Tributes have poured in for British film director Ken Russell, who has died at the age of 84. Russell was best known for Women In Love, for which he received an Oscar nomination, The Devils and The Who’s rock opera Tommy. The director also made an appearance on Celebrity Big Brother in 2007 but left after four days.

Famous friends. The BBC published a round-up of tributes from leading figures. Former actress and MP Glenda Jackson, who won an Oscar for Women In Love, praised Russell’s visual talent and said it was a privilege to work with him. Vanessa Redgrave, star of The Devils, called for the BBC to screen Russell’s films in tribute, and described the director as a genius.

Controversial. Dennis Lim focused on Russell’s “flair for provocation” in The New York Times, pointing out that the director divided critics: “A polarizing figure who delighted in breaching the limits of propriety and cinematic good taste, Mr. Russell courted controversy through much of his career.”

Musical inspiration. The Guardian’s Peter Bradshaw said that Russell’s inspiration came from music: “His ideas, his images, his rows, his career itself were all one colossal, chaotic rhapsody.” Bradshaw praised Russell’s films, including the controversial nude wrestling scene from Women In Love, as “a rebuke to British parochialism, literalism and complacency”.

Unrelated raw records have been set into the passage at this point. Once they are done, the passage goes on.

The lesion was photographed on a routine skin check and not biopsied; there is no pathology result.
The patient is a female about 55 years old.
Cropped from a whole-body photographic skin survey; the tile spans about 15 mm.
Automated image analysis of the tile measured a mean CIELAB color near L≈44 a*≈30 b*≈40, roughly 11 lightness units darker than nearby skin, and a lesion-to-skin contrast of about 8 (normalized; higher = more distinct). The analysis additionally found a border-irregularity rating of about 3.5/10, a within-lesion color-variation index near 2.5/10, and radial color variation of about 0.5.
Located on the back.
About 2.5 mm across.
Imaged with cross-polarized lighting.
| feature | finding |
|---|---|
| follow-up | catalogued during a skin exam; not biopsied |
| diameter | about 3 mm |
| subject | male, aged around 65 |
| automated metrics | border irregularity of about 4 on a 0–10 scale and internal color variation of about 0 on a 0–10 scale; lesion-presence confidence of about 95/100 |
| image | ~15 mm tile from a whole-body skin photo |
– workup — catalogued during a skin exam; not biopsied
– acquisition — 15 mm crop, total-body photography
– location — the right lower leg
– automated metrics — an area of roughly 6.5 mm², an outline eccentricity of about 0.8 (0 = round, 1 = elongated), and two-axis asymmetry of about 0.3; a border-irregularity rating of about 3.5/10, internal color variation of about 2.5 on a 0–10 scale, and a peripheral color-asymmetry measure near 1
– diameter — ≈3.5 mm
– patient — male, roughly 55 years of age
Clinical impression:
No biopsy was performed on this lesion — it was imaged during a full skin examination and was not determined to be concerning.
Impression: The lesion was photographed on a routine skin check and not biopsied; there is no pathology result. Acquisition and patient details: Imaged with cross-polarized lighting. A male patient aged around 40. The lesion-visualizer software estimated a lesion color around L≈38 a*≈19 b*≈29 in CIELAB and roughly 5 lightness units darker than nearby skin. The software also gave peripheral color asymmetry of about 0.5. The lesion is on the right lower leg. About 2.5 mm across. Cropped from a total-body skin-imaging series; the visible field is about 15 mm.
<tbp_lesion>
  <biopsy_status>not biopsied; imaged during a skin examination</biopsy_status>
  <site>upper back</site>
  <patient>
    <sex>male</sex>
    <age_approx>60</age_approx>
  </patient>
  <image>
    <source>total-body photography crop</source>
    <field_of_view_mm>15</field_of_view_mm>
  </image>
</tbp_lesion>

Conservative, not liberal. In The Telegraph Tim Stanley took issue with the popular view that that outrageousness of Russell’s films meant the director was a radical liberal: “Ken was one of the greatest conservative artists of his time.” Stanley pointed to Russell’s conversion to Catholicism as a major influence on his work: “He saw the world as a Romantic Catholic does – full of mystery and magic.”

Hell-raiser? The Daily Mail homed in on the director’s private life, linking the “fertile imagination” on show in Russell’s films with his “eccentric lifestyle”: “Four times married, he succeeded in driving most of his partners crazy to the point that, however mesmeric they might have found his artistic vision, they had to leave home to save themselves.”